Show that the set of functions in $L^2[0,1]$ with a zero integral on $[0,1]$ is a closed vector subspace of $L^2[0,1]$.

Question

Let $H = L^2([0, 1])$ and let $K \subset H$ be defined as $K = \{f \in H \, : \, \int_{[0,1]} f \, \mathrm{d}m = 0\}$. Show that $K$ is a closed vector subspace of $H$. Find the element of $K$ that is closest to $g(x) = x$ (note $g \in H \,\backslash \, K$).

(The integrals are Lebesgue integrals, in case that's not clear.)

This problem was on a problem set for $L^p$ spaces in my undergraduate-level real analysis course. Showing that $K$ is a vector subspace is easy; it is evident that the zero function is an element of $K$ and properties of Lebesgue integration give us that for functions $f,g \in K$, we have that $f+g \in K$, and also for a scalar $c \in \mathbb{R}$, we have $cf \in K$. This shows that $K$ is a vector subspace of $H$, but as my grader noted, that is insufficient to show that this is a closed vector subspace of $H$. Unless I'm overlooking something relatively obvious, I'm not sure what I'm missing there.

So onto the second part of the question: finding the element of $K$ that is closest to $g(x) = x$. Now, the projection of $g(x) = x$ onto $K$ will satisfy this condition, and to find that, we need to find $f$ such that $\langle g-f,f \rangle = 0$, where the angle brackets denote the usual inner product on the Hilbert space $L^2$, which is $\langle h,j \rangle = \int h \bar{j} \; \mathrm{d}m$, but since we're working in the reals, the complex conjugate is irrelevant. So since we are given $g$, we can expand $\langle g-f,f \rangle$: $$\langle g-f,f \rangle = \int (g-f) \bar{f} \mathrm{d}m = \int (g-f)f \, \mathrm{d}m = \int (x-f)f \, \mathrm{d}m = 0$$

So $f(x) \equiv 0$ or $f(x) = x$, but in the latter case, $f(x) = g(x) \not\in K$, so then $f(x) \equiv 0$. The grader says, however, that it is not true that $(x-f)f = 0$, and I guess I can see why (plenty of non-zero functions have zero integral on $[0,1]$, and this isn't even considering functions that are merely equal to zero a.e., so I feel pretty silly for making that mistake), but does that change my answer? After all, I only lost one point on this section and one point on the first section. What am I missing in each part of this question?

Answer 1

The function $u(x):=1$ $(0\leq x\leq1)$ is in $H$, and the map $$\phi:\quad H\to{\mathbb R}, \qquad f\mapsto \langle u,f\rangle$$ is continuous.
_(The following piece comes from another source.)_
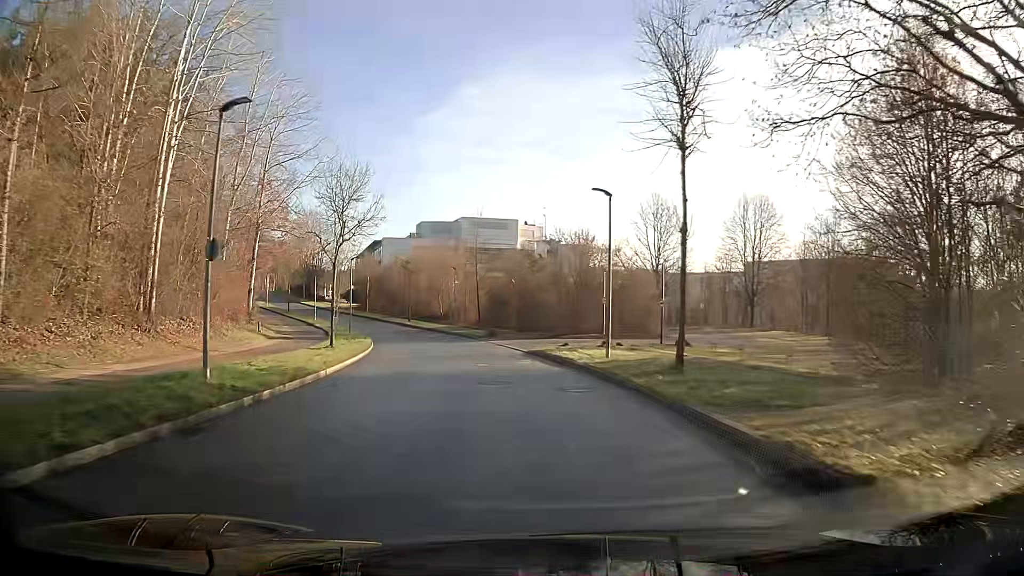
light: Day
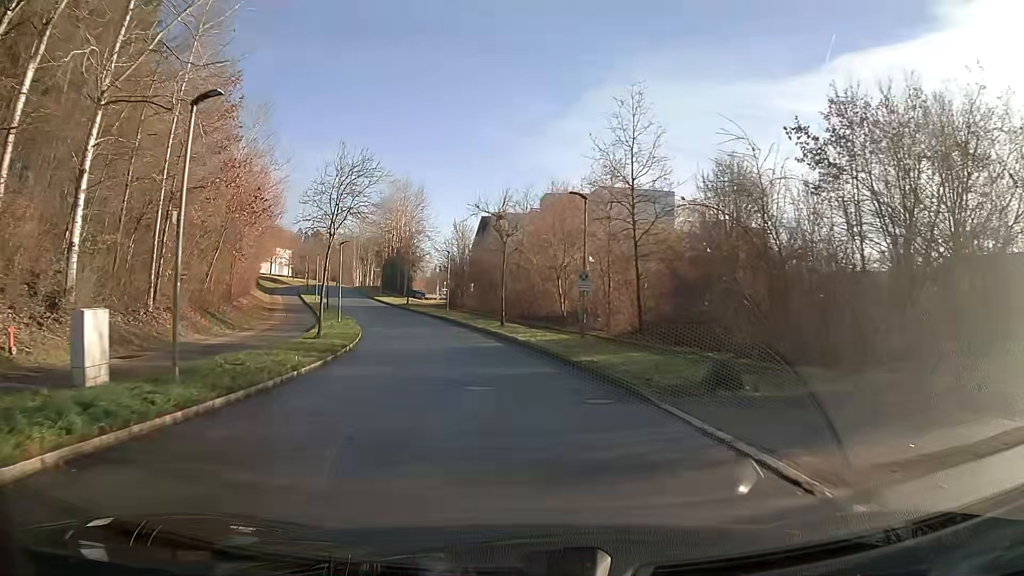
(-3.2, +32.7) m; -12°
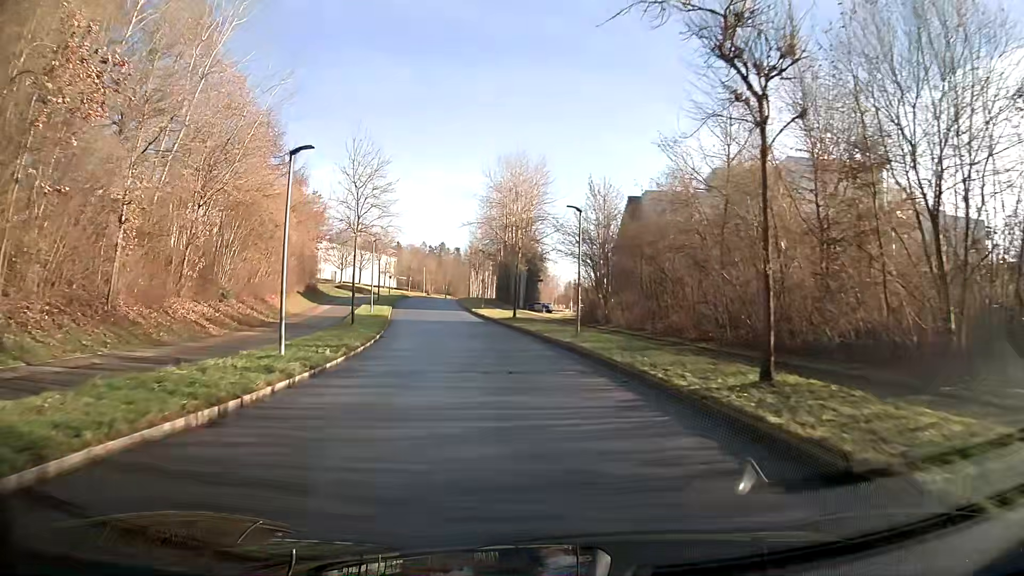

Therefore $K={\rm ker\,}(\phi)$ is a closed subspace of $H$.

It is now "geometrically obvious" how we obtain the element $g\in K$ nearest to the function ${\rm id}: \>x\mapsto x$: Subtract from ${\rm id}$ a suitable multiple $\lambda u$, such that $g:={\rm id}-\lambda u\in K$. I'd say that $$g(x):=x-{1\over2}\qquad(0\leq x\leq1)$$ does the trick.

Answer 2

Still, it may be not the shortest way but it should work.

First, let's prove the following

Let $T: X \rightarrow \mathbb{C}$ be a linear functional from Banach space $X$ to $\mathbb{C}$. Then, $ker(T)$ is closed iff $T$ is bounded.
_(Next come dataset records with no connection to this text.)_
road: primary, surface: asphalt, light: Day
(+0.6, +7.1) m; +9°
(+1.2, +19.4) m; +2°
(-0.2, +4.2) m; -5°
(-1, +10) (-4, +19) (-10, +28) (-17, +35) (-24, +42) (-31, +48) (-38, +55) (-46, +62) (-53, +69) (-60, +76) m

1) Assume that $T$ is bounded, since it's linear then it's continuous. $T^{-1}(0)=ker(T)$ $-$ a preimage of a closed set is closed under the continuous map.

2) If $ker(T)$ is closed, then it's possible to equip $X / ker(T)$ with a norm, defined in the following way: $|| [x] || = inf \{||x|| \in [x] \}$.

A map $p: X \rightarrow X /(ker(T))$ is continuous. Moreover, $X / (\ker(T)) \cong im(T) \subset \mathbb{C}$ (but only as vector space, we need to establish, whether the isomorphism is continuous). Indeed, it is, since $im(T)\subset \mathbb{C}$ is finite dimensional, then $X / (ker(T))$ is finite-dimensional too. But any linear map between finite-dimensional spaces is continuous.

So, let $\varphi: X / (ker(T)) \rightarrow \mathbb{C}$, $p: X \rightarrow X /(ker(T))$, then $\psi = \varphi \circ p$ is continuous.

So, in your case the functional is $T: L^{2}[0, 1] \rightarrow L^{2}[0, 1]$, $T(f) = \int_{0}^{1}{f dm}$. From the propetries of Lebesgue integral, $T$ is linear. Moreover, $L^{2}[0, 1]$ is Banach (actually it's a Hilbert space). $H$ is a kernel of $T$, the last thing to check is that $T$ is bounded. Indeed, by Cauchy-Schwartz inequality $$(\int_{0}^{1}{f dm})^{2} \leq \int_{0}^{1}{f^{2} dm}$$ since $f \in L^{2}[0, 1]$ then the image of $T$ is bounded. So, $H$ is a closed subspace.